Thursday, June 12, 2014

Resolved: The Civil War Was About Slavery

Today I came across the commonly-offered argument that the Civil War wasn't about slavery, but "states rights", a term that has regained currency in recent years. I consider this to be extraordinarily disingenuous, an attempt to whitewash history. And whitewash is definitely the term to use in this case.

The reason, of course, is because the war was about states rights. Unfortunately for the people who argue that, they never finish the thought. The end of that is "to own slaves". That's right, the Civil War was about the southern states' right to retain the "peculiar institution" of slavery. To argue otherwise ignores the known history of the abolitionist movement and everything leading up to the Civil War. Should we ignore the Missouri Compromise, the Compromise of 1850, the Kansas-Nebraska Act, and the Dred Scott decision? Should we ignore the aftermath of the war, when the South fought Reconstruction tooth and nail until it was ended as a result of the compromise that installed Rutherford B. Hayes as the President? How about Jim Crow, Plessy v. Ferguson, separate but equal, the "Lost Year" in Little Rock, and the necessity to pass the Civil Rights Act of 1964 and the Voting Rights Act of 1965?
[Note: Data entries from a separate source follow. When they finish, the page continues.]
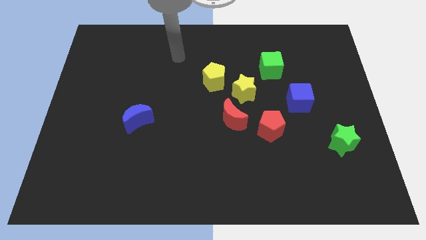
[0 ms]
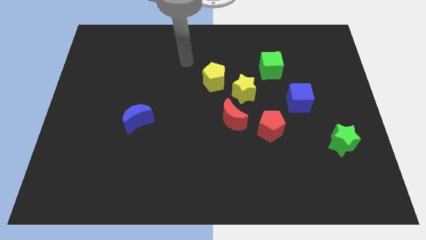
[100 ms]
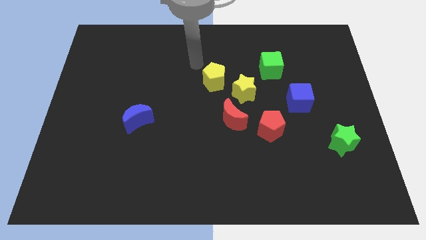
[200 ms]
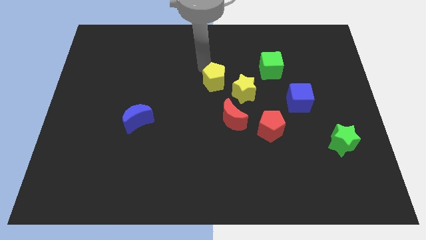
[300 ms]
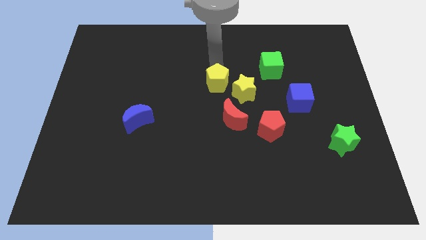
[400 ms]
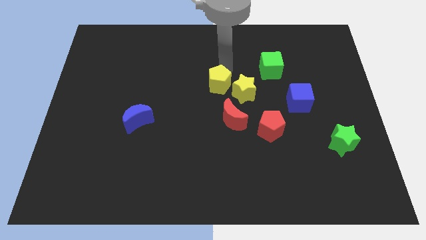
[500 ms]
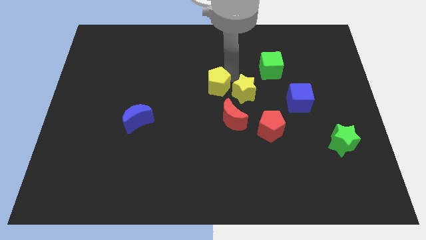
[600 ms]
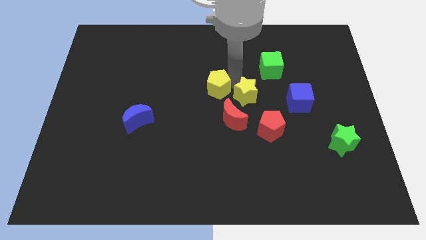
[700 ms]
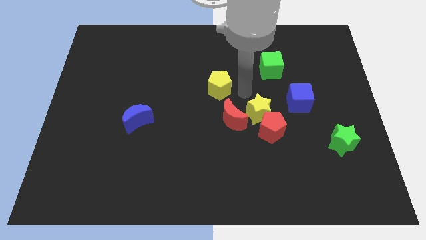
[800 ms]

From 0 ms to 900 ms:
move the yellow pentagon away from the yellow star

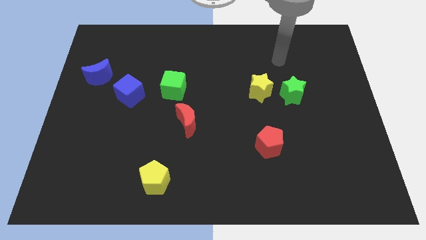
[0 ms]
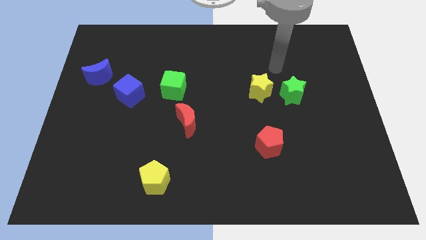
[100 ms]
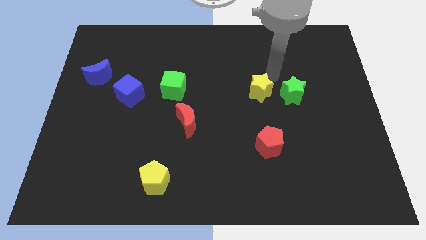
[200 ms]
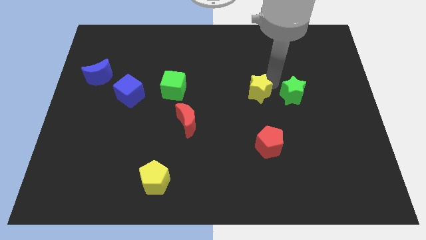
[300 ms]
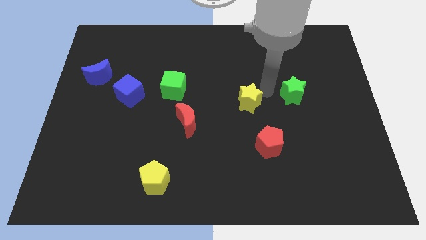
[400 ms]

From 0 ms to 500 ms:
pull the green star apart from the yellow star

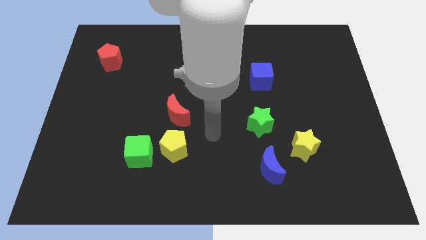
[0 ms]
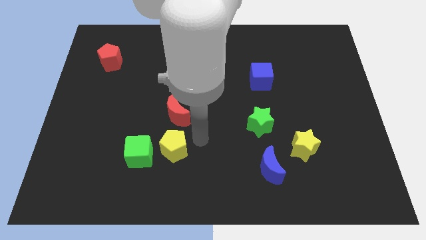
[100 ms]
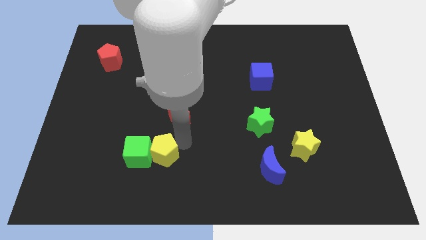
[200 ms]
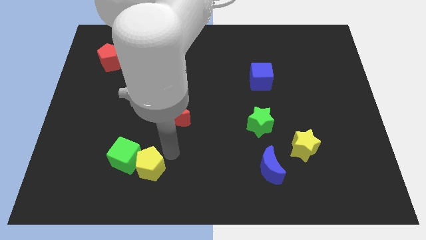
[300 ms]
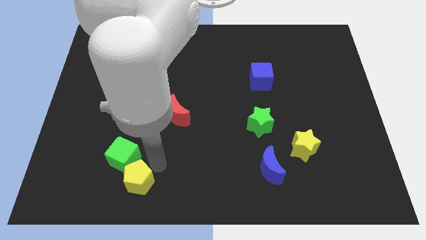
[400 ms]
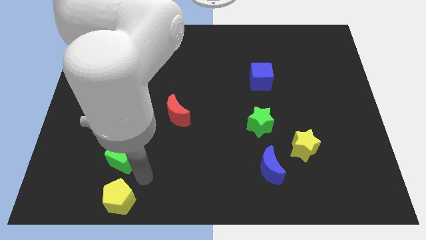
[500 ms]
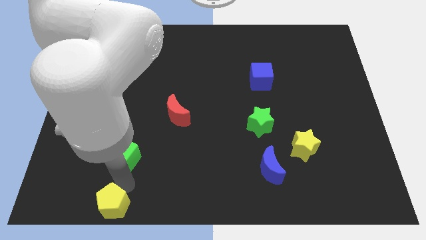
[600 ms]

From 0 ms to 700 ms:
move the green cube away from the yellow pentagon

Shall I go on? I didn't even scratch the surface of the virulent racism in this country, both before and after the Civil War. But we are expected to believe that the Civil War was about non-specific states' rights that were being abridged by the northern states, ones that have never been named? Sure, we ought to just take their word for it in this case.
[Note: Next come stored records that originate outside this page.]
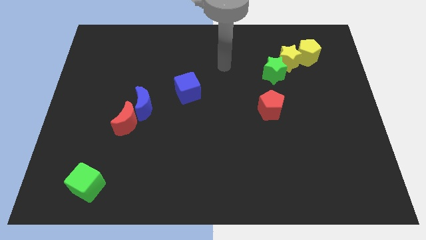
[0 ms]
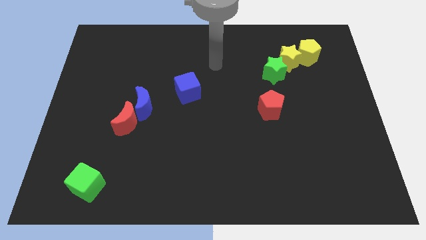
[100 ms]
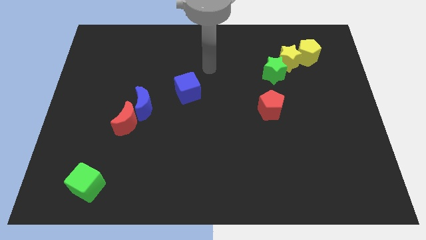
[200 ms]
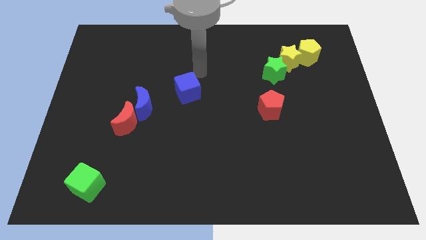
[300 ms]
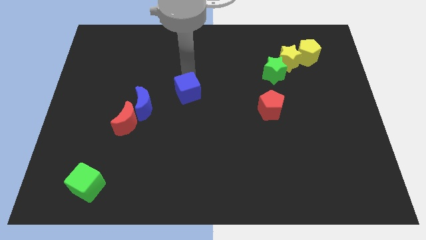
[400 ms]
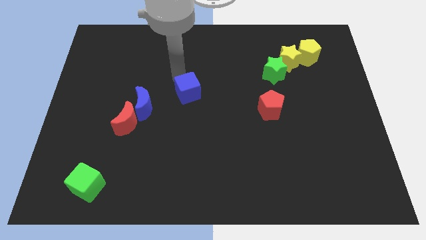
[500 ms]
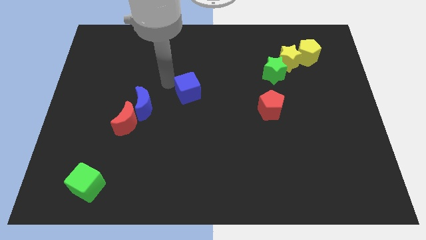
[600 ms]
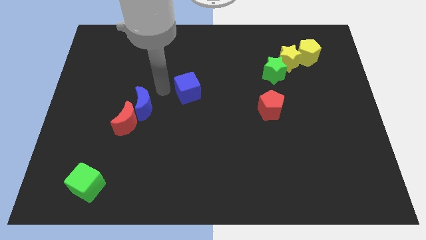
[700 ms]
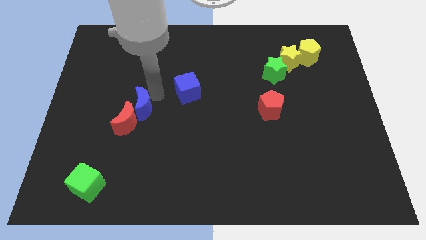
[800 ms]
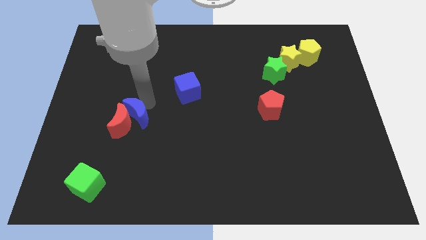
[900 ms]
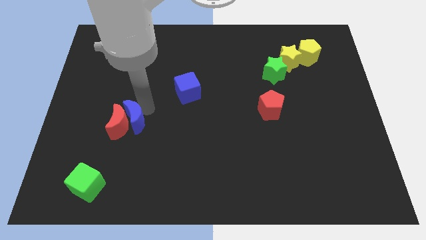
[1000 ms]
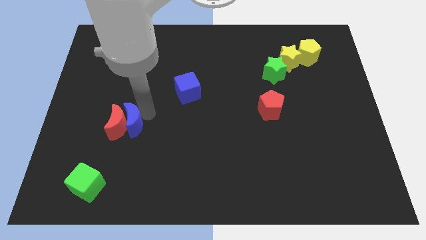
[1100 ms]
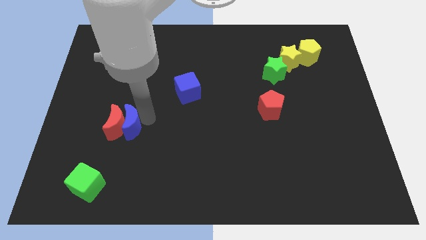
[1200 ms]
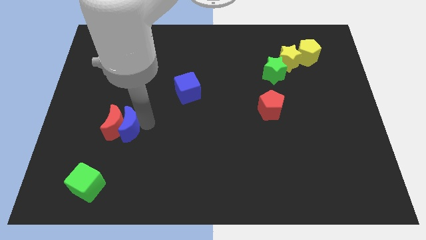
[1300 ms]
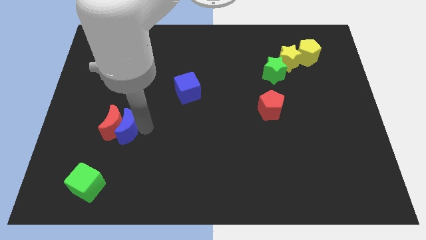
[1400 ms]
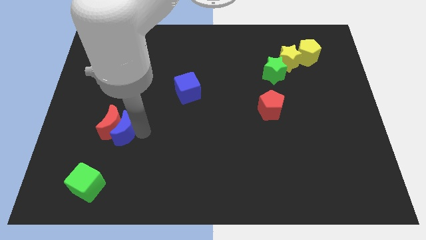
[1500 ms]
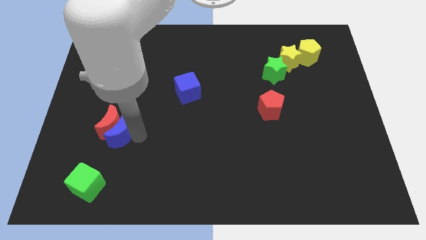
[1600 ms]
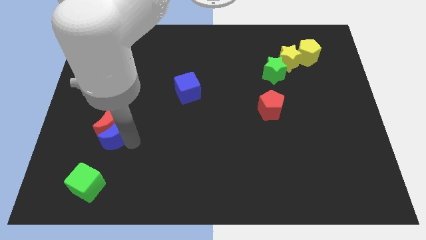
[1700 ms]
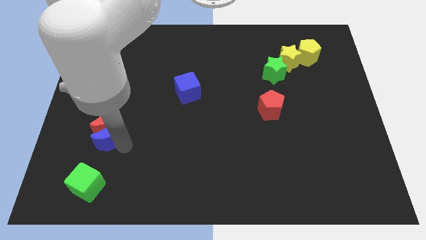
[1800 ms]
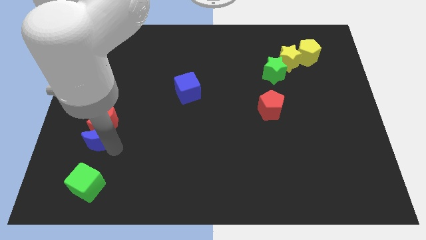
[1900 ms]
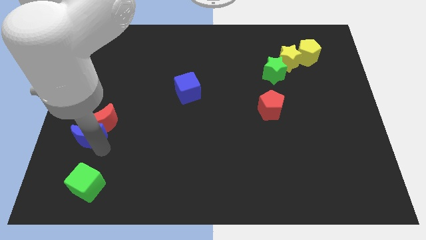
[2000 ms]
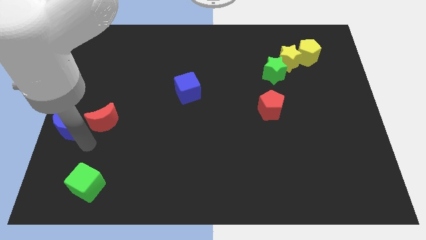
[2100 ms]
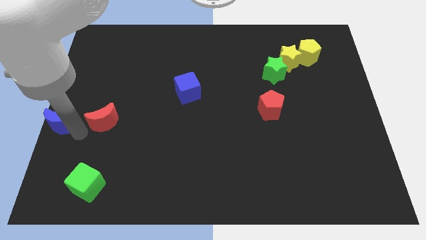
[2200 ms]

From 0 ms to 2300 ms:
move the red moon away from the blue moon

The Big Lie: it works everywhere it's tried. Goebbels had nothing on the good ol' boys. Only in this case, it's a lie that doesn't go away. It didn't die with a Confederate defeat, it didn't die with integration, it didn't die with legislation. And it's still passed around as absolute truth.

There is only one bit of good news: anybody who says it identifies themselves as a racist and an idiot. And that's no lie. Thank God for small favors.